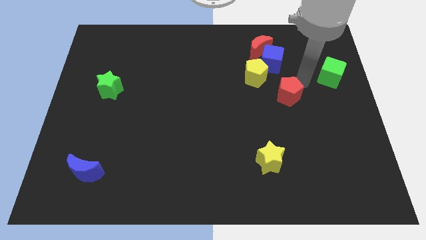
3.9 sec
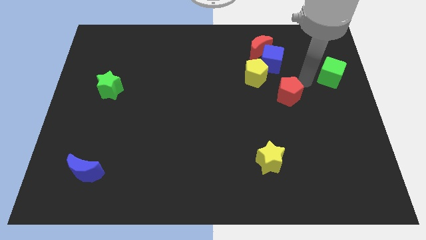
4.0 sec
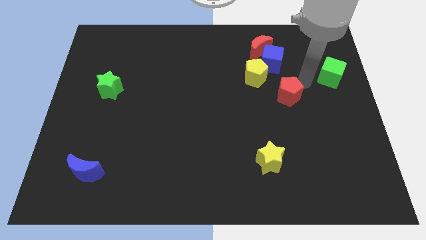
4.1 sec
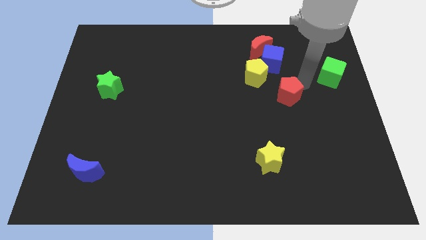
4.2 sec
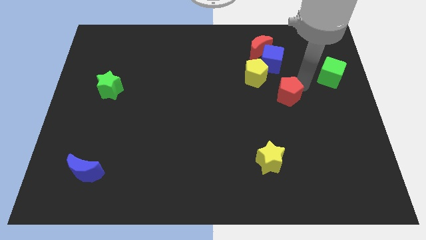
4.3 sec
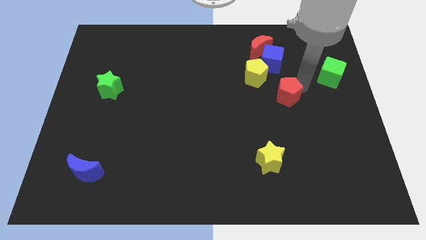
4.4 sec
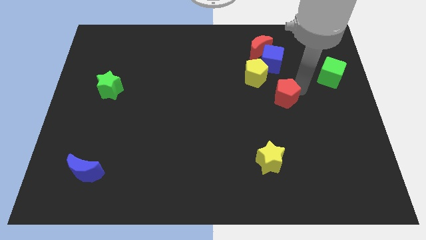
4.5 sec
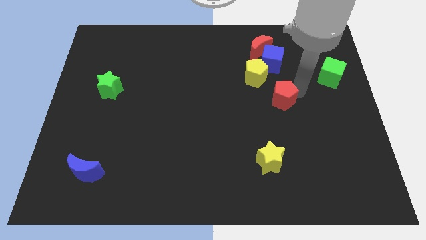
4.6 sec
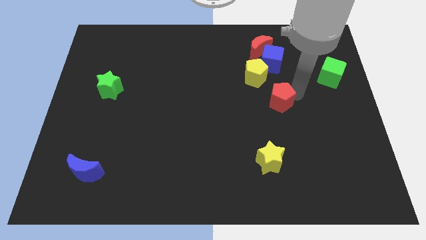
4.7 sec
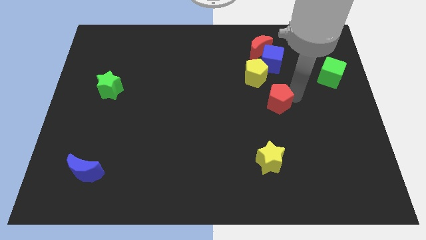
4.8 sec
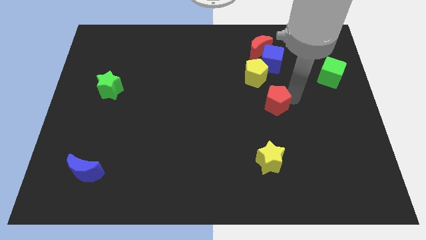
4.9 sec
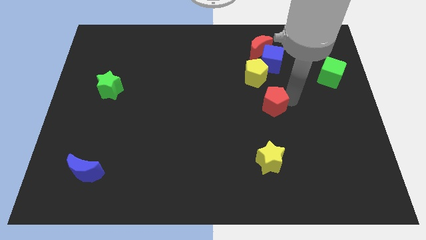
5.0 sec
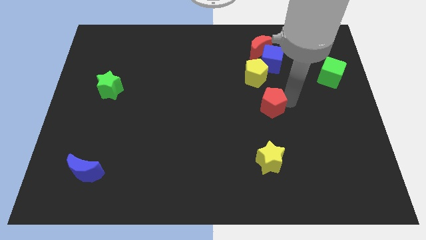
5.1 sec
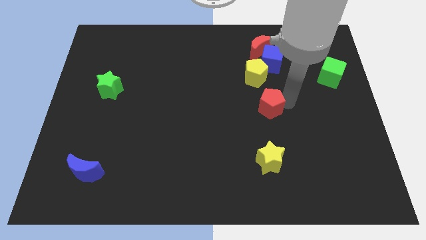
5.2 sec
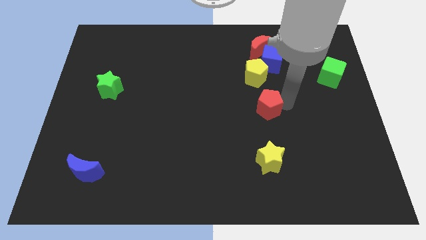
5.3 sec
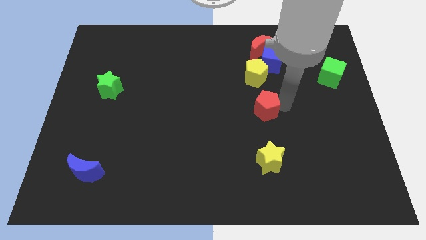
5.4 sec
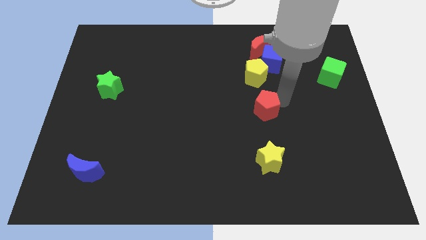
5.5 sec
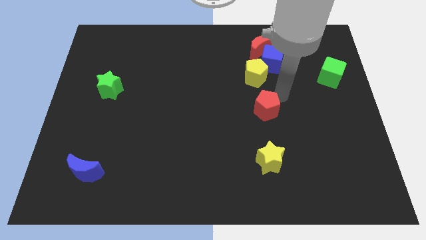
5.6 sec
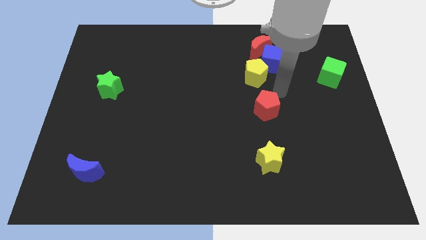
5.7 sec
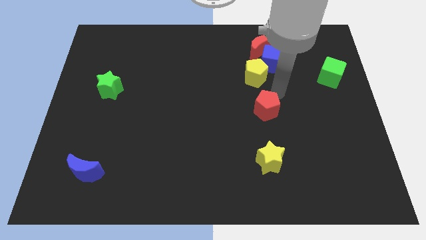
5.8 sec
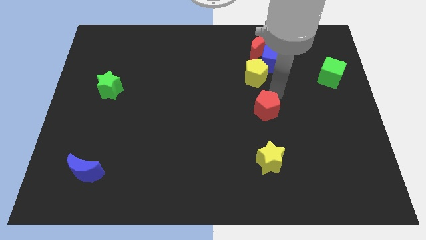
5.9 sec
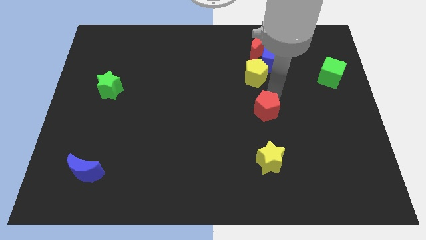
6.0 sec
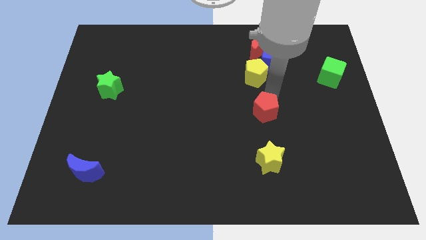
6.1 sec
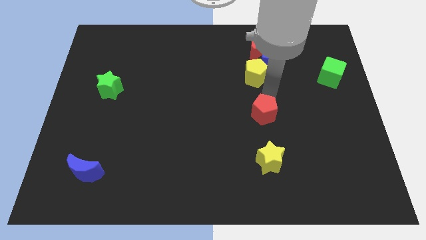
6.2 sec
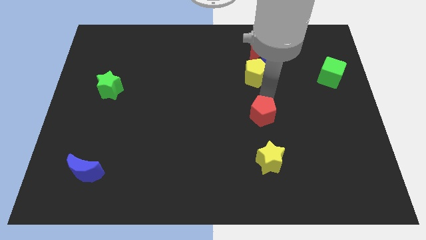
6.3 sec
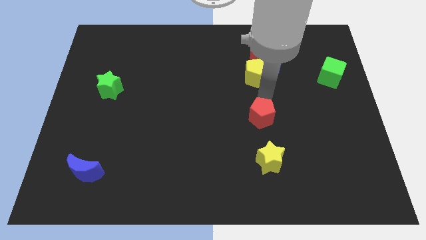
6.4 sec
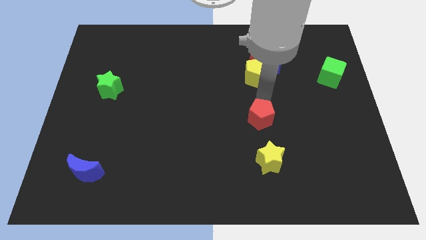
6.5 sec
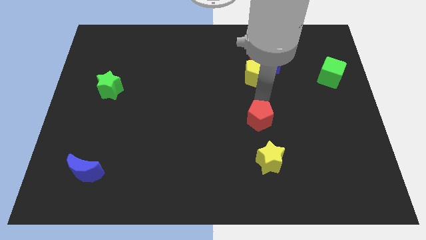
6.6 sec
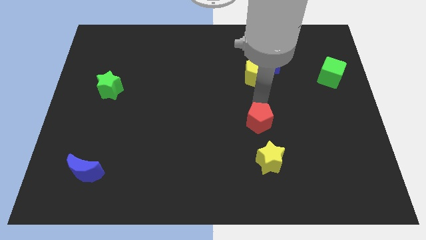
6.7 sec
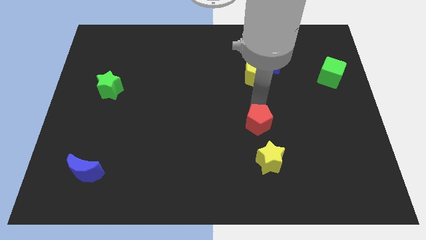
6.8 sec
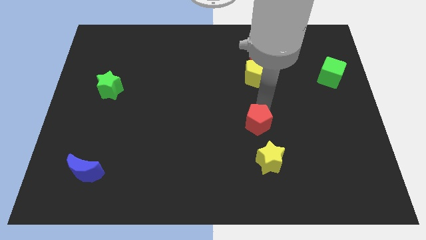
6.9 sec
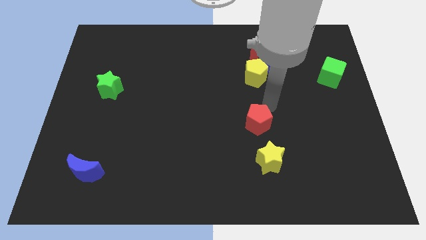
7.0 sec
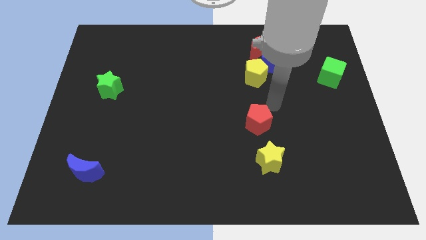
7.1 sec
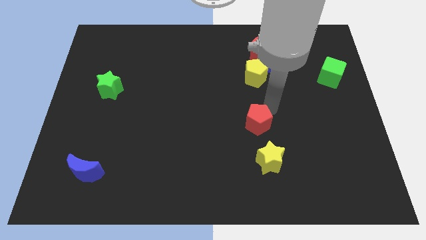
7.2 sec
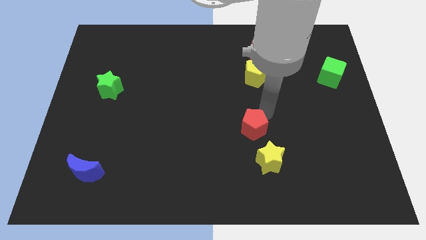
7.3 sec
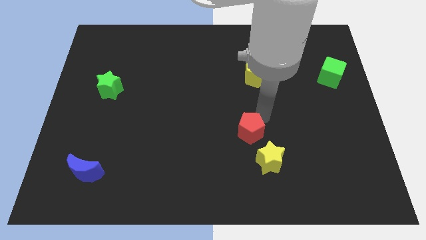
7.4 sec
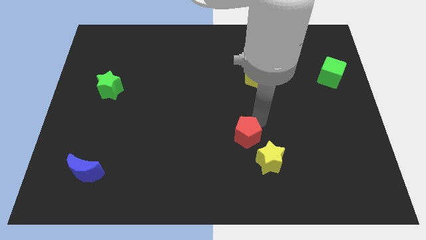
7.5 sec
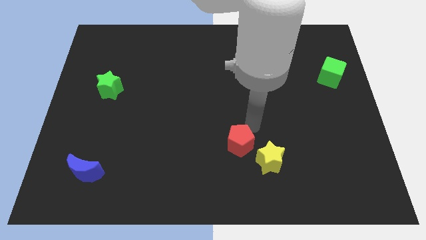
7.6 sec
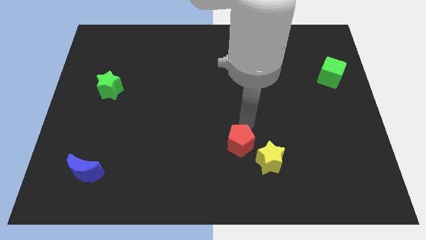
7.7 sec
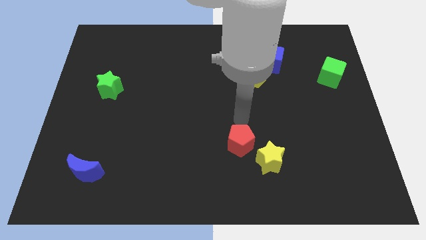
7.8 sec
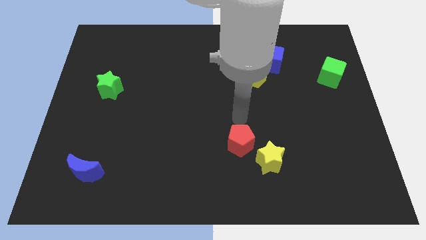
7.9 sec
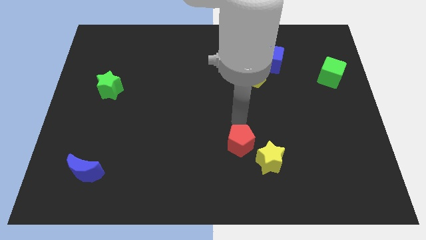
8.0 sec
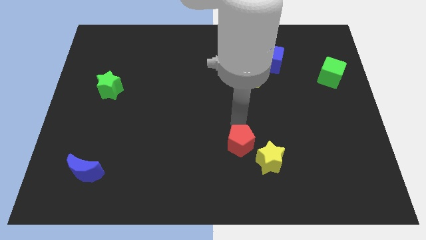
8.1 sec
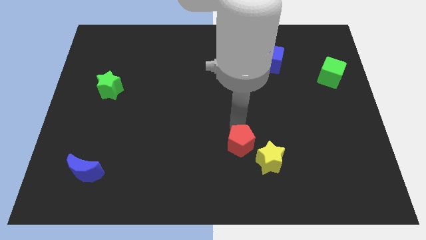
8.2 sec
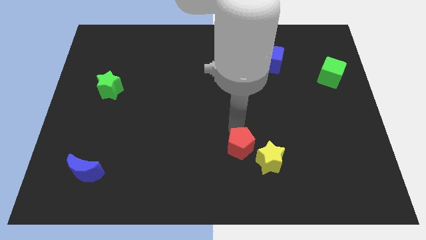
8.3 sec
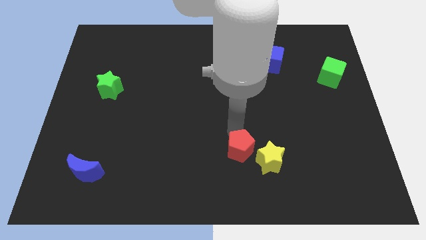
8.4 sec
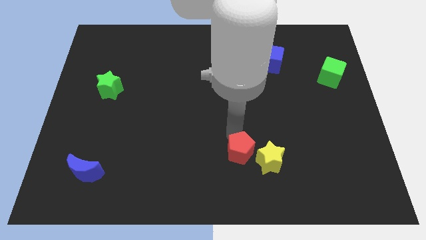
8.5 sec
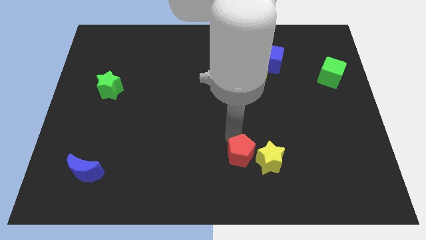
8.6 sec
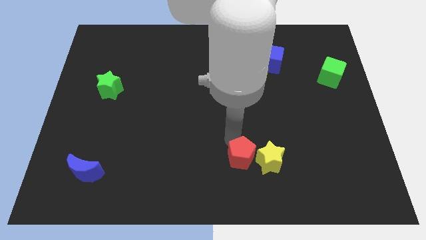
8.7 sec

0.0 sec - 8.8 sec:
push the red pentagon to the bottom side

---

▶ Task item: For this exercise, give the listing again exactly as written, with the pictures omitted.

▶ Task solution:
3.9 sec
4.0 sec
4.1 sec
4.2 sec
4.3 sec
4.4 sec
4.5 sec
4.6 sec
4.7 sec
4.8 sec
4.9 sec
5.0 sec
5.1 sec
5.2 sec
5.3 sec
5.4 sec
5.5 sec
5.6 sec
5.7 sec
5.8 sec
5.9 sec
6.0 sec
6.1 sec
6.2 sec
6.3 sec
6.4 sec
6.5 sec
6.6 sec
6.7 sec
6.8 sec
6.9 sec
7.0 sec
7.1 sec
7.2 sec
7.3 sec
7.4 sec
7.5 sec
7.6 sec
7.7 sec
7.8 sec
7.9 sec
8.0 sec
8.1 sec
8.2 sec
8.3 sec
8.4 sec
8.5 sec
8.6 sec
8.7 sec

0.0 sec - 8.8 sec:
push the red pentagon to the bottom side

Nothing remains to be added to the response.